[Extracted records]
■ ■ ■ ■ ■ ■ ■
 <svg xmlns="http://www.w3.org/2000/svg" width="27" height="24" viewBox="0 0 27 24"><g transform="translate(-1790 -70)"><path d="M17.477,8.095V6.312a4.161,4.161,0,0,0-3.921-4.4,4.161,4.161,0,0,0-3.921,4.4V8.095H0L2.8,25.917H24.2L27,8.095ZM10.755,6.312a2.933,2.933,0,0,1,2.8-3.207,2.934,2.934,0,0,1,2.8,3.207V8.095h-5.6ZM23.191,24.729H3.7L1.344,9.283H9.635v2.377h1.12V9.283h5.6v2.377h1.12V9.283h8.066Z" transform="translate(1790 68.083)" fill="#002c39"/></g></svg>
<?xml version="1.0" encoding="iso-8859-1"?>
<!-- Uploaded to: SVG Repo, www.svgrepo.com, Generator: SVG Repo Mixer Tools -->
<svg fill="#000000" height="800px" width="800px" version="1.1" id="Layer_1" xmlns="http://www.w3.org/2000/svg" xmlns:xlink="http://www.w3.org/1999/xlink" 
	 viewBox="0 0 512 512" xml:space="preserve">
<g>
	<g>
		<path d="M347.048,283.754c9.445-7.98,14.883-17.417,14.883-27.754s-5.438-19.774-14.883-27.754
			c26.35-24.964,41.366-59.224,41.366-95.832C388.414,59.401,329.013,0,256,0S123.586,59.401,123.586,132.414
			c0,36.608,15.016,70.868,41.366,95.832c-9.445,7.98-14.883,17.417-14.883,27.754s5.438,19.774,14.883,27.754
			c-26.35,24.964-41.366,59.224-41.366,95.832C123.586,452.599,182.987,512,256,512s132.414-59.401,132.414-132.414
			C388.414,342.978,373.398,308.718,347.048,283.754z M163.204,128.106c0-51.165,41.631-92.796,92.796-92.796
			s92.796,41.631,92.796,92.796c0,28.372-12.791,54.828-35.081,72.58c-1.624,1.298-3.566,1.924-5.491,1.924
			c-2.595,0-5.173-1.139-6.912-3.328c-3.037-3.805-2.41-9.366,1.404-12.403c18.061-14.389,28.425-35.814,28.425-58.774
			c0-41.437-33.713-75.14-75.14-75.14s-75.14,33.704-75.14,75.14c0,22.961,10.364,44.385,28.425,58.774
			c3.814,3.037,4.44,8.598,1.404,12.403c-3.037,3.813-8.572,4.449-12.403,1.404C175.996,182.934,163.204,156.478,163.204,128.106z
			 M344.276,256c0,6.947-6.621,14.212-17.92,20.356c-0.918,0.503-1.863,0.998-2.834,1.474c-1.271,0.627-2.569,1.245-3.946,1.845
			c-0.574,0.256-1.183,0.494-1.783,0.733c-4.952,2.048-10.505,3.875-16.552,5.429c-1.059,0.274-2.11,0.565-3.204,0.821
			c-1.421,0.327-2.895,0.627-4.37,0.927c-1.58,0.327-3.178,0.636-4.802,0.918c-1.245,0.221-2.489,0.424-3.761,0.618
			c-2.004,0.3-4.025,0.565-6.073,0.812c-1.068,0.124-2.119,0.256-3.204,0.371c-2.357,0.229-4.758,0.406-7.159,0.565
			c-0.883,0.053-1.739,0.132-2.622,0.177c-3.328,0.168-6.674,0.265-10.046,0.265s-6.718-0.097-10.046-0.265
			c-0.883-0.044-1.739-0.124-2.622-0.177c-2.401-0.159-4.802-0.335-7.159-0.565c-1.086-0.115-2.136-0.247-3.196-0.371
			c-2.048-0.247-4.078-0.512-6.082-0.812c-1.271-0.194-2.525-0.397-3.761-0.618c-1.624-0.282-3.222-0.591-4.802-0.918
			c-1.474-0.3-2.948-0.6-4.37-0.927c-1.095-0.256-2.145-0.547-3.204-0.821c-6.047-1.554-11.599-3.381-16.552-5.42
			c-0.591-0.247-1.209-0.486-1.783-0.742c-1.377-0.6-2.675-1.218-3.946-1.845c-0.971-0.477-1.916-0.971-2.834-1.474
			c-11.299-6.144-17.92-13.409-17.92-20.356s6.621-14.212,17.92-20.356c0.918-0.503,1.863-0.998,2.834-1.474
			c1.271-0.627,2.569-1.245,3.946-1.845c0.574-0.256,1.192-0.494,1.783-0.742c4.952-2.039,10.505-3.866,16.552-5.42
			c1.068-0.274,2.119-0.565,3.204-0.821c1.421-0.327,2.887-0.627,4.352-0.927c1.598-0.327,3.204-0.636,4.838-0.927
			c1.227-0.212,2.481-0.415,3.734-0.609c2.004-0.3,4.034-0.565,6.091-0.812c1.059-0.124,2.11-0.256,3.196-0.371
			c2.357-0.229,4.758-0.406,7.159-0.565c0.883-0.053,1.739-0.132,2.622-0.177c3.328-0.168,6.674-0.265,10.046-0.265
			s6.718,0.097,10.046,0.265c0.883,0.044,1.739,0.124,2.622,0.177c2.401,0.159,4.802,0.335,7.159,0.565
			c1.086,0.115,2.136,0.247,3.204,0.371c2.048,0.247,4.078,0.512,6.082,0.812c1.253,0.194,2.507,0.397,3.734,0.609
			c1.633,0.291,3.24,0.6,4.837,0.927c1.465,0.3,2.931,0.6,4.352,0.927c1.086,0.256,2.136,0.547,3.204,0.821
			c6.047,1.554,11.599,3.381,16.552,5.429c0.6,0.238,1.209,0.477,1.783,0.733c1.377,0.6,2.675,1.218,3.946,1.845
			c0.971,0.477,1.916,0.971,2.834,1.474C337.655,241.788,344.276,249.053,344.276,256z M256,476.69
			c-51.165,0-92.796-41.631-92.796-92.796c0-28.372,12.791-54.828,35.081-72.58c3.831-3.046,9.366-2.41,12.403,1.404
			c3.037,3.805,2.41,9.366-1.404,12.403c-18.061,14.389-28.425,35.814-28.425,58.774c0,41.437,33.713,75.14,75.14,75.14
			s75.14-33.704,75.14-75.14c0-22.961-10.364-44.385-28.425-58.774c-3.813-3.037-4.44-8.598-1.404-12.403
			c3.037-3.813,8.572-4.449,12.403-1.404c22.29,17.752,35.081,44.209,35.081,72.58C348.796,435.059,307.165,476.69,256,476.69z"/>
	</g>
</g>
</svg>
■ ■ ■ ■ ■ ■ ■
# EXERCISE:
Would you transcribe the records above exactly, leaving nothing out?

# ANSWER AREA:
 <svg xmlns="http://www.w3.org/2000/svg" width="27" height="24" viewBox="0 0 27 24"><g transform="translate(-1790 -70)"><path d="M17.477,8.095V6.312a4.161,4.161,0,0,0-3.921-4.4,4.161,4.161,0,0,0-3.921,4.4V8.095H0L2.8,25.917H24.2L27,8.095ZM10.755,6.312a2.933,2.933,0,0,1,2.8-3.207,2.934,2.934,0,0,1,2.8,3.207V8.095h-5.6ZM23.191,24.729H3.7L1.344,9.283H9.635v2.377h1.12V9.283h5.6v2.377h1.12V9.283h8.066Z" transform="translate(1790 68.083)" fill="#002c39"/></g></svg>
<?xml version="1.0" encoding="iso-8859-1"?>
<!-- Uploaded to: SVG Repo, www.svgrepo.com, Generator: SVG Repo Mixer Tools -->
<svg fill="#000000" height="800px" width="800px" version="1.1" id="Layer_1" xmlns="http://www.w3.org/2000/svg" xmlns:xlink="http://www.w3.org/1999/xlink" 
	 viewBox="0 0 512 512" xml:space="preserve">
<g>
	<g>
		<path d="M347.048,283.754c9.445-7.98,14.883-17.417,14.883-27.754s-5.438-19.774-14.883-27.754
			c26.35-24.964,41.366-59.224,41.366-95.832C388.414,59.401,329.013,0,256,0S123.586,59.401,123.586,132.414
			c0,36.608,15.016,70.868,41.366,95.832c-9.445,7.98-14.883,17.417-14.883,27.754s5.438,19.774,14.883,27.754
			c-26.35,24.964-41.366,59.224-41.366,95.832C123.586,452.599,182.987,512,256,512s132.414-59.401,132.414-132.414
			C388.414,342.978,373.398,308.718,347.048,283.754z M163.204,128.106c0-51.165,41.631-92.796,92.796-92.796
			s92.796,41.631,92.796,92.796c0,28.372-12.791,54.828-35.081,72.58c-1.624,1.298-3.566,1.924-5.491,1.924
			c-2.595,0-5.173-1.139-6.912-3.328c-3.037-3.805-2.41-9.366,1.404-12.403c18.061-14.389,28.425-35.814,28.425-58.774
			c0-41.437-33.713-75.14-75.14-75.14s-75.14,33.704-75.14,75.14c0,22.961,10.364,44.385,28.425,58.774
			c3.814,3.037,4.44,8.598,1.404,12.403c-3.037,3.813-8.572,4.449-12.403,1.404C175.996,182.934,163.204,156.478,163.204,128.106z
			 M344.276,256c0,6.947-6.621,14.212-17.92,20.356c-0.918,0.503-1.863,0.998-2.834,1.474c-1.271,0.627-2.569,1.245-3.946,1.845
			c-0.574,0.256-1.183,0.494-1.783,0.733c-4.952,2.048-10.505,3.875-16.552,5.429c-1.059,0.274-2.11,0.565-3.204,0.821
			c-1.421,0.327-2.895,0.627-4.37,0.927c-1.58,0.327-3.178,0.636-4.802,0.918c-1.245,0.221-2.489,0.424-3.761,0.618
			c-2.004,0.3-4.025,0.565-6.073,0.812c-1.068,0.124-2.119,0.256-3.204,0.371c-2.357,0.229-4.758,0.406-7.159,0.565
			c-0.883,0.053-1.739,0.132-2.622,0.177c-3.328,0.168-6.674,0.265-10.046,0.265s-6.718-0.097-10.046-0.265
			c-0.883-0.044-1.739-0.124-2.622-0.177c-2.401-0.159-4.802-0.335-7.159-0.565c-1.086-0.115-2.136-0.247-3.196-0.371
			c-2.048-0.247-4.078-0.512-6.082-0.812c-1.271-0.194-2.525-0.397-3.761-0.618c-1.624-0.282-3.222-0.591-4.802-0.918
			c-1.474-0.3-2.948-0.6-4.37-0.927c-1.095-0.256-2.145-0.547-3.204-0.821c-6.047-1.554-11.599-3.381-16.552-5.42
			c-0.591-0.247-1.209-0.486-1.783-0.742c-1.377-0.6-2.675-1.218-3.946-1.845c-0.971-0.477-1.916-0.971-2.834-1.474
			c-11.299-6.144-17.92-13.409-17.92-20.356s6.621-14.212,17.92-20.356c0.918-0.503,1.863-0.998,2.834-1.474
			c1.271-0.627,2.569-1.245,3.946-1.845c0.574-0.256,1.192-0.494,1.783-0.742c4.952-2.039,10.505-3.866,16.552-5.42
			c1.068-0.274,2.119-0.565,3.204-0.821c1.421-0.327,2.887-0.627,4.352-0.927c1.598-0.327,3.204-0.636,4.838-0.927
			c1.227-0.212,2.481-0.415,3.734-0.609c2.004-0.3,4.034-0.565,6.091-0.812c1.059-0.124,2.11-0.256,3.196-0.371
			c2.357-0.229,4.758-0.406,7.159-0.565c0.883-0.053,1.739-0.132,2.622-0.177c3.328-0.168,6.674-0.265,10.046-0.265
			s6.718,0.097,10.046,0.265c0.883,0.044,1.739,0.124,2.622,0.177c2.401,0.159,4.802,0.335,7.159,0.565
			c1.086,0.115,2.136,0.247,3.204,0.371c2.048,0.247,4.078,0.512,6.082,0.812c1.253,0.194,2.507,0.397,3.734,0.609
			c1.633,0.291,3.24,0.6,4.837,0.927c1.465,0.3,2.931,0.6,4.352,0.927c1.086,0.256,2.136,0.547,3.204,0.821
			c6.047,1.554,11.599,3.381,16.552,5.429c0.6,0.238,1.209,0.477,1.783,0.733c1.377,0.6,2.675,1.218,3.946,1.845
			c0.971,0.477,1.916,0.971,2.834,1.474C337.655,241.788,344.276,249.053,344.276,256z M256,476.69
			c-51.165,0-92.796-41.631-92.796-92.796c0-28.372,12.791-54.828,35.081-72.58c3.831-3.046,9.366-2.41,12.403,1.404
			c3.037,3.805,2.41,9.366-1.404,12.403c-18.061,14.389-28.425,35.814-28.425,58.774c0,41.437,33.713,75.14,75.14,75.14
			s75.14-33.704,75.14-75.14c0-22.961-10.364-44.385-28.425-58.774c-3.813-3.037-4.44-8.598-1.404-12.403
			c3.037-3.813,8.572-4.449,12.403-1.404c22.29,17.752,35.081,44.209,35.081,72.58C348.796,435.059,307.165,476.69,256,476.69z"/>
	</g>
</g>
</svg>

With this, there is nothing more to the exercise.